I have been a dead mom girlie since I was 5 months old.
The Dead Mom Club was born from a truth I lived long before I could name it.
My mom, Rosalie, died when I was five months old. I have never heard her voice, seen a moving image of her and I do not remember her face, but I grew up inside the shape of her absence. I learned early how to be independent, perceptive, and strong. What I didn’t learn was how it felt to be mothered.
Like many GrievHERS, I became high-functioning. I built a life. I pursued education. I became a therapist. I tried to understand grief from the inside out; cognitively, emotionally, clinically. And yet, something was missing.
What I noticed, both personally and professionally, was this: Most grief spaces weren’t built for women like me.

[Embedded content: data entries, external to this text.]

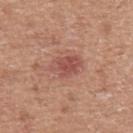Assessment:
The lesion was photographed on a routine skin check and not biopsied; there is no pathology result.
Background:
From the upper back. This is a white-light tile. About 4 mm across. A male patient, in their mid- to late 50s. A roughly 15 mm field-of-view crop from a total-body skin photograph. Automated image analysis of the tile measured an area of roughly 7.5 mm², a shape eccentricity near 0.8, and a shape-asymmetry score of about 0.3 (0 = symmetric). It also reported a border-irregularity rating of about 3.5/10 and internal color variation of about 3 on a 0–10 scale. The software also gave an automated nevus-likeness rating near 0 out of 100 and a detector confidence of about 100 out of 100 that the crop contains a lesion.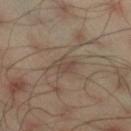Assessment:
The lesion was photographed on a routine skin check and not biopsied; there is no pathology result.
Background:
A close-up tile cropped from a whole-body skin photograph, about 15 mm across. A male patient, about 45 years old. Longest diameter approximately 2.5 mm. The tile uses cross-polarized illumination. The lesion is on the right thigh. The total-body-photography lesion software estimated a lesion area of about 4.5 mm² and a shape-asymmetry score of about 0.35 (0 = symmetric). It also reported an automated nevus-likeness rating near 0 out of 100 and lesion-presence confidence of about 100/100.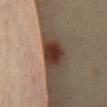The lesion was tiled from a total-body skin photograph and was not biopsied. A female patient, roughly 35 years of age. A region of skin cropped from a whole-body photographic capture, roughly 15 mm wide. An algorithmic analysis of the crop reported a footprint of about 9 mm², an eccentricity of roughly 0.85, and two-axis asymmetry of about 0.2. And it measured a border-irregularity index near 2/10, a within-lesion color-variation index near 5/10, and radial color variation of about 1.5. And it measured a classifier nevus-likeness of about 100/100 and lesion-presence confidence of about 100/100. The tile uses cross-polarized illumination. The lesion is located on the chest. Approximately 4.5 mm at its widest.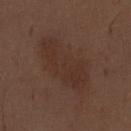Imaged during a routine full-body skin examination; the lesion was not biopsied and no histopathology is available. The lesion's longest dimension is about 8.5 mm. The tile uses white-light illumination. The subject is a male aged 68–72. From the abdomen. Automated image analysis of the tile measured a lesion area of about 28 mm², an eccentricity of roughly 0.85, and a symmetry-axis asymmetry near 0.25. It also reported an average lesion color of about L≈32 a*≈17 b*≈23 (CIELAB), roughly 5 lightness units darker than nearby skin, and a normalized border contrast of about 5. The analysis additionally found border irregularity of about 3.5 on a 0–10 scale, a color-variation rating of about 2/10, and radial color variation of about 1. Cropped from a total-body skin-imaging series; the visible field is about 15 mm.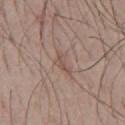Captured during whole-body skin photography for melanoma surveillance; the lesion was not biopsied.
The subject is a male in their mid-60s.
The lesion is located on the chest.
This image is a 15 mm lesion crop taken from a total-body photograph.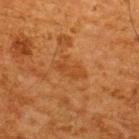Measured at roughly 4 mm in maximum diameter. An algorithmic analysis of the crop reported a lesion area of about 6 mm², an outline eccentricity of about 0.9 (0 = round, 1 = elongated), and two-axis asymmetry of about 0.25. The software also gave an average lesion color of about L≈38 a*≈23 b*≈36 (CIELAB) and about 5 CIELAB-L* units darker than the surrounding skin. And it measured border irregularity of about 4 on a 0–10 scale, internal color variation of about 2 on a 0–10 scale, and a peripheral color-asymmetry measure near 0.5. Imaged with cross-polarized lighting. The subject is a male aged 63–67. The lesion is on the upper back. Cropped from a total-body skin-imaging series; the visible field is about 15 mm.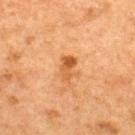Impression: No biopsy was performed on this lesion — it was imaged during a full skin examination and was not determined to be concerning. Image and clinical context: The lesion-visualizer software estimated a footprint of about 4.5 mm² and a symmetry-axis asymmetry near 0.3. And it measured a mean CIELAB color near L≈47 a*≈23 b*≈37, a lesion–skin lightness drop of about 9, and a normalized lesion–skin contrast near 7.5. The analysis additionally found border irregularity of about 3.5 on a 0–10 scale, internal color variation of about 4.5 on a 0–10 scale, and radial color variation of about 1.5. The software also gave a lesion-detection confidence of about 100/100. The subject is a male approximately 50 years of age. The lesion's longest dimension is about 3 mm. Located on the back. A roughly 15 mm field-of-view crop from a total-body skin photograph.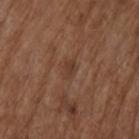A region of skin cropped from a whole-body photographic capture, roughly 15 mm wide. A male patient about 75 years old. The lesion is located on the arm. The lesion-visualizer software estimated roughly 6 lightness units darker than nearby skin and a normalized lesion–skin contrast near 5.5. The software also gave a within-lesion color-variation index near 1/10 and peripheral color asymmetry of about 0.5. The recorded lesion diameter is about 2.5 mm.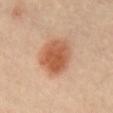Q: What is the imaging modality?
A: ~15 mm crop, total-body skin-cancer survey
Q: How was the tile lit?
A: cross-polarized illumination
Q: What is the lesion's diameter?
A: ≈5 mm
Q: Lesion location?
A: the front of the torso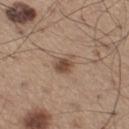Clinical impression:
The lesion was tiled from a total-body skin photograph and was not biopsied.
Image and clinical context:
The patient is a male in their mid- to late 60s. The lesion's longest dimension is about 2.5 mm. Captured under white-light illumination. Automated image analysis of the tile measured a classifier nevus-likeness of about 85/100. The lesion is on the left thigh. A close-up tile cropped from a whole-body skin photograph, about 15 mm across.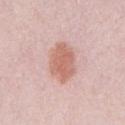Background:
The lesion is located on the chest. The subject is a male in their mid-20s. The tile uses white-light illumination. Automated tile analysis of the lesion measured a border-irregularity rating of about 2/10, internal color variation of about 3 on a 0–10 scale, and radial color variation of about 1. And it measured an automated nevus-likeness rating near 90 out of 100 and a lesion-detection confidence of about 100/100. A 15 mm close-up extracted from a 3D total-body photography capture.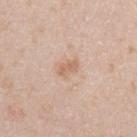workup: total-body-photography surveillance lesion; no biopsy
lesion diameter: ~2.5 mm (longest diameter)
image: total-body-photography crop, ~15 mm field of view
lighting: white-light illumination
patient: male, approximately 40 years of age
body site: the right upper arm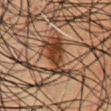Case summary:
• follow-up · catalogued during a skin exam; not biopsied
• site · the chest
• diameter · ≈6.5 mm
• lighting · cross-polarized illumination
• subject · male, aged around 50
• acquisition · 15 mm crop, total-body photography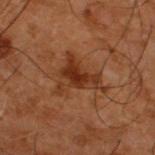Q: Was a biopsy performed?
A: catalogued during a skin exam; not biopsied
Q: How was the tile lit?
A: cross-polarized illumination
Q: Lesion location?
A: the upper back
Q: What kind of image is this?
A: 15 mm crop, total-body photography
Q: What are the patient's age and sex?
A: male, aged around 50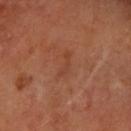Q: Is there a histopathology result?
A: imaged on a skin check; not biopsied
Q: Lesion location?
A: the left forearm
Q: Patient demographics?
A: female, aged approximately 60
Q: How was this image acquired?
A: ~15 mm tile from a whole-body skin photo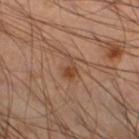Captured during whole-body skin photography for melanoma surveillance; the lesion was not biopsied.
About 3 mm across.
On the leg.
A 15 mm crop from a total-body photograph taken for skin-cancer surveillance.
A male patient, roughly 50 years of age.
Imaged with cross-polarized lighting.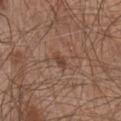No biopsy was performed on this lesion — it was imaged during a full skin examination and was not determined to be concerning.
The subject is a male aged approximately 65.
Imaged with white-light lighting.
This image is a 15 mm lesion crop taken from a total-body photograph.
An algorithmic analysis of the crop reported a mean CIELAB color near L≈44 a*≈19 b*≈27, roughly 7 lightness units darker than nearby skin, and a normalized lesion–skin contrast near 6. The analysis additionally found a border-irregularity rating of about 3/10, internal color variation of about 1.5 on a 0–10 scale, and peripheral color asymmetry of about 0.5.
Approximately 2.5 mm at its widest.
From the chest.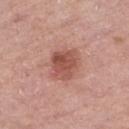Image and clinical context: From the right lower leg. A male patient aged around 75. This is a white-light tile. This image is a 15 mm lesion crop taken from a total-body photograph. The recorded lesion diameter is about 4 mm. The lesion-visualizer software estimated an area of roughly 12 mm², an eccentricity of roughly 0.55, and two-axis asymmetry of about 0.15. And it measured a border-irregularity index near 1.5/10 and radial color variation of about 1.5.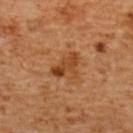biopsy status: catalogued during a skin exam; not biopsied | patient: female, aged 53 to 57 | lighting: cross-polarized | image source: ~15 mm tile from a whole-body skin photo | automated lesion analysis: a lesion–skin lightness drop of about 10 and a normalized border contrast of about 8; a color-variation rating of about 5.5/10 and a peripheral color-asymmetry measure near 1.5 | diameter: ≈3.5 mm | anatomic site: the upper back.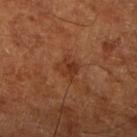Case summary:
• biopsy status — imaged on a skin check; not biopsied
• illumination — cross-polarized illumination
• location — the right lower leg
• patient — aged 63 to 67
• image source — ~15 mm tile from a whole-body skin photo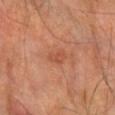The lesion was photographed on a routine skin check and not biopsied; there is no pathology result. A region of skin cropped from a whole-body photographic capture, roughly 15 mm wide. About 2.5 mm across. The lesion-visualizer software estimated a lesion area of about 3 mm², an eccentricity of roughly 0.85, and a shape-asymmetry score of about 0.4 (0 = symmetric). And it measured border irregularity of about 3.5 on a 0–10 scale, a color-variation rating of about 1/10, and peripheral color asymmetry of about 0.5. And it measured an automated nevus-likeness rating near 0 out of 100. The lesion is located on the left forearm. The patient is a male in their 70s.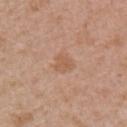The lesion was tiled from a total-body skin photograph and was not biopsied. Approximately 2.5 mm at its widest. A 15 mm close-up extracted from a 3D total-body photography capture. A female patient, roughly 60 years of age. The lesion is on the right upper arm.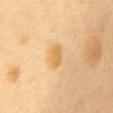Clinical impression: The lesion was photographed on a routine skin check and not biopsied; there is no pathology result. Clinical summary: Longest diameter approximately 3 mm. Located on the chest. A female subject approximately 50 years of age. A region of skin cropped from a whole-body photographic capture, roughly 15 mm wide. Imaged with cross-polarized lighting.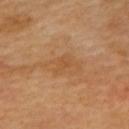{"biopsy_status": "not biopsied; imaged during a skin examination", "patient": {"sex": "female", "age_approx": 60}, "lighting": "cross-polarized", "site": "upper back", "image": {"source": "total-body photography crop", "field_of_view_mm": 15}, "lesion_size": {"long_diameter_mm_approx": 3.0}}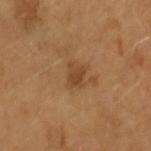follow-up — total-body-photography surveillance lesion; no biopsy | body site — the left forearm | acquisition — 15 mm crop, total-body photography | size — about 2.5 mm | patient — female, aged approximately 55 | tile lighting — cross-polarized illumination.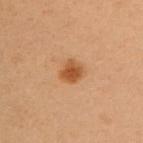Imaged during a routine full-body skin examination; the lesion was not biopsied and no histopathology is available.
This is a cross-polarized tile.
A female subject, approximately 50 years of age.
The lesion is on the chest.
A region of skin cropped from a whole-body photographic capture, roughly 15 mm wide.
The recorded lesion diameter is about 2.5 mm.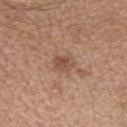A female subject, aged approximately 40.
The lesion is on the head or neck.
A roughly 15 mm field-of-view crop from a total-body skin photograph.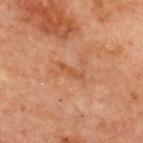biopsy status — catalogued during a skin exam; not biopsied | automated lesion analysis — a lesion color around L≈42 a*≈21 b*≈31 in CIELAB, a lesion–skin lightness drop of about 6, and a lesion-to-skin contrast of about 5.5 (normalized; higher = more distinct); internal color variation of about 0 on a 0–10 scale and a peripheral color-asymmetry measure near 0; an automated nevus-likeness rating near 0 out of 100 and a lesion-detection confidence of about 100/100 | location — the front of the torso | imaging modality — ~15 mm crop, total-body skin-cancer survey | lesion size — ~3 mm (longest diameter) | lighting — cross-polarized illumination | subject — male, about 65 years old.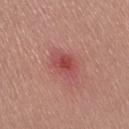<record>
<biopsy_status>not biopsied; imaged during a skin examination</biopsy_status>
<lighting>white-light</lighting>
<image>
  <source>total-body photography crop</source>
  <field_of_view_mm>15</field_of_view_mm>
</image>
<lesion_size>
  <long_diameter_mm_approx>3.5</long_diameter_mm_approx>
</lesion_size>
<site>leg</site>
<patient>
  <sex>female</sex>
  <age_approx>25</age_approx>
</patient>
<automated_metrics>
  <border_irregularity_0_10>1.5</border_irregularity_0_10>
  <color_variation_0_10>4.0</color_variation_0_10>
  <peripheral_color_asymmetry>1.0</peripheral_color_asymmetry>
</automated_metrics>
</record>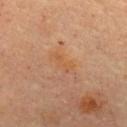| feature | finding |
|---|---|
| follow-up | catalogued during a skin exam; not biopsied |
| image source | total-body-photography crop, ~15 mm field of view |
| body site | the chest |
| subject | female, about 60 years old |
| lesion size | ~3.5 mm (longest diameter) |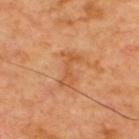Q: Is there a histopathology result?
A: imaged on a skin check; not biopsied
Q: Automated lesion metrics?
A: an automated nevus-likeness rating near 0 out of 100
Q: Patient demographics?
A: in their mid-60s
Q: What is the imaging modality?
A: ~15 mm tile from a whole-body skin photo
Q: What is the anatomic site?
A: the back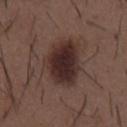  biopsy_status: not biopsied; imaged during a skin examination
  patient:
    sex: male
    age_approx: 50
  lighting: white-light
  lesion_size:
    long_diameter_mm_approx: 6.0
  site: mid back
  image:
    source: total-body photography crop
    field_of_view_mm: 15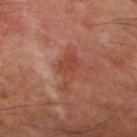  biopsy_status: not biopsied; imaged during a skin examination
  lighting: cross-polarized
  lesion_size:
    long_diameter_mm_approx: 4.0
  patient:
    sex: male
    age_approx: 70
  image:
    source: total-body photography crop
    field_of_view_mm: 15
  site: left thigh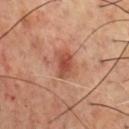Case summary:
- diameter — ≈3.5 mm
- location — the chest
- image — ~15 mm crop, total-body skin-cancer survey
- TBP lesion metrics — a classifier nevus-likeness of about 25/100
- tile lighting — cross-polarized illumination
- subject — male, aged approximately 70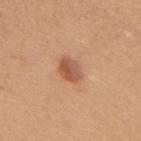biopsy_status: not biopsied; imaged during a skin examination
automated_metrics:
  area_mm2_approx: 5.5
  eccentricity: 0.75
  cielab_L: 55
  cielab_a: 24
  cielab_b: 33
  vs_skin_darker_L: 11.0
  vs_skin_contrast_norm: 7.5
  border_irregularity_0_10: 1.5
  color_variation_0_10: 4.0
  peripheral_color_asymmetry: 1.5
  lesion_detection_confidence_0_100: 100
lesion_size:
  long_diameter_mm_approx: 3.0
image:
  source: total-body photography crop
  field_of_view_mm: 15
site: upper back
patient:
  sex: female
  age_approx: 55
lighting: white-light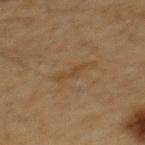Context: A close-up tile cropped from a whole-body skin photograph, about 15 mm across. A male subject approximately 60 years of age. On the mid back.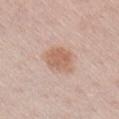Recorded during total-body skin imaging; not selected for excision or biopsy.
Located on the arm.
A lesion tile, about 15 mm wide, cut from a 3D total-body photograph.
A male subject about 60 years old.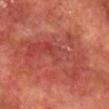biopsy status = total-body-photography surveillance lesion; no biopsy
acquisition = ~15 mm crop, total-body skin-cancer survey
automated lesion analysis = an area of roughly 32 mm² and two-axis asymmetry of about 0.6; a border-irregularity index near 9.5/10 and radial color variation of about 2.5
site = the chest
patient = male, aged 63 to 67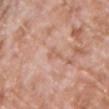follow-up: total-body-photography surveillance lesion; no biopsy
subject: male, roughly 70 years of age
anatomic site: the chest
image: total-body-photography crop, ~15 mm field of view
lighting: white-light illumination
size: about 2.5 mm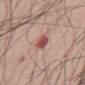notes: catalogued during a skin exam; not biopsied | acquisition: 15 mm crop, total-body photography | anatomic site: the right upper arm | subject: male, in their 40s.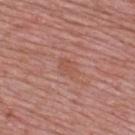{
  "biopsy_status": "not biopsied; imaged during a skin examination",
  "site": "upper back",
  "image": {
    "source": "total-body photography crop",
    "field_of_view_mm": 15
  },
  "patient": {
    "sex": "male",
    "age_approx": 50
  }
}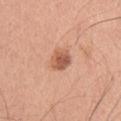Clinical impression:
The lesion was tiled from a total-body skin photograph and was not biopsied.
Image and clinical context:
Automated image analysis of the tile measured a lesion-to-skin contrast of about 8 (normalized; higher = more distinct). The software also gave border irregularity of about 2 on a 0–10 scale and a within-lesion color-variation index near 3/10. Captured under white-light illumination. A male subject aged 58–62. A 15 mm crop from a total-body photograph taken for skin-cancer surveillance. Located on the chest. Approximately 3 mm at its widest.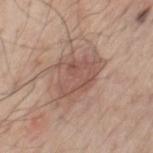workup: no biopsy performed (imaged during a skin exam)
subject: male, about 60 years old
body site: the chest
imaging modality: total-body-photography crop, ~15 mm field of view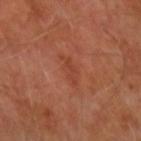Clinical impression: Imaged during a routine full-body skin examination; the lesion was not biopsied and no histopathology is available. Image and clinical context: About 4 mm across. A male subject, aged 48 to 52. Located on the left forearm. The tile uses cross-polarized illumination. A close-up tile cropped from a whole-body skin photograph, about 15 mm across.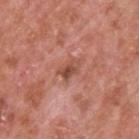Q: Was this lesion biopsied?
A: catalogued during a skin exam; not biopsied
Q: What lighting was used for the tile?
A: white-light
Q: Automated lesion metrics?
A: an average lesion color of about L≈49 a*≈26 b*≈29 (CIELAB) and a lesion–skin lightness drop of about 11; an automated nevus-likeness rating near 10 out of 100
Q: How was this image acquired?
A: ~15 mm crop, total-body skin-cancer survey
Q: Who is the patient?
A: male, aged 63 to 67
Q: How large is the lesion?
A: about 2.5 mm
Q: Lesion location?
A: the upper back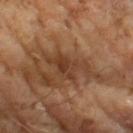No biopsy was performed on this lesion — it was imaged during a full skin examination and was not determined to be concerning.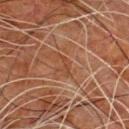| feature | finding |
|---|---|
| body site | the chest |
| illumination | cross-polarized |
| imaging modality | ~15 mm tile from a whole-body skin photo |
| size | about 3 mm |
| patient | male, approximately 80 years of age |

They were often focused on acute loss, closure, or “moving on.” They didn’t account for what happens when a mother dies early, when grief becomes part of your attachment system, your identity, your nervous system, and the way you relate to love and safety. They didn’t speak to the quiet loneliness of growing up unmothered, or the complexity of carrying grief into adulthood, relationships, and motherhood.
So I created what I couldn’t find.
The Dead Mom Club is a modern grief space for GrievHERS
…especially those who lost young, who are tired of minimizing their loss or explaining their pain. It’s where psychology meets spirituality, where ritual meets real life, and where grief is treated as something sacred and alive rather than something to fix.
My approach blends trauma-informed care, psychospiritual practices, ritual, community, and lived experience. I don’t believe in rushing grief or bypassing pain. I believe in integration, in learning how loss shaped you, and how to live fully with that truth instead of around it.
This work is deeply relational. Community is central. Healing doesn’t happen in isolation, it happens when we are witnessed, understood, and reflected back to ourselves. That’s why the Dead Mom Club isn’t just a resource hub, it’s a living, breathing community.
I often say this brand is a little death meets disco because grief breaks us, yes, but it also refracts us. Like a disco ball, made of shattered pieces that still catch the light, we learn how to glow in new directions.
The Dead Mom Club exists to remind you of this: Your mom died. You didn’t. And your story isn’t over.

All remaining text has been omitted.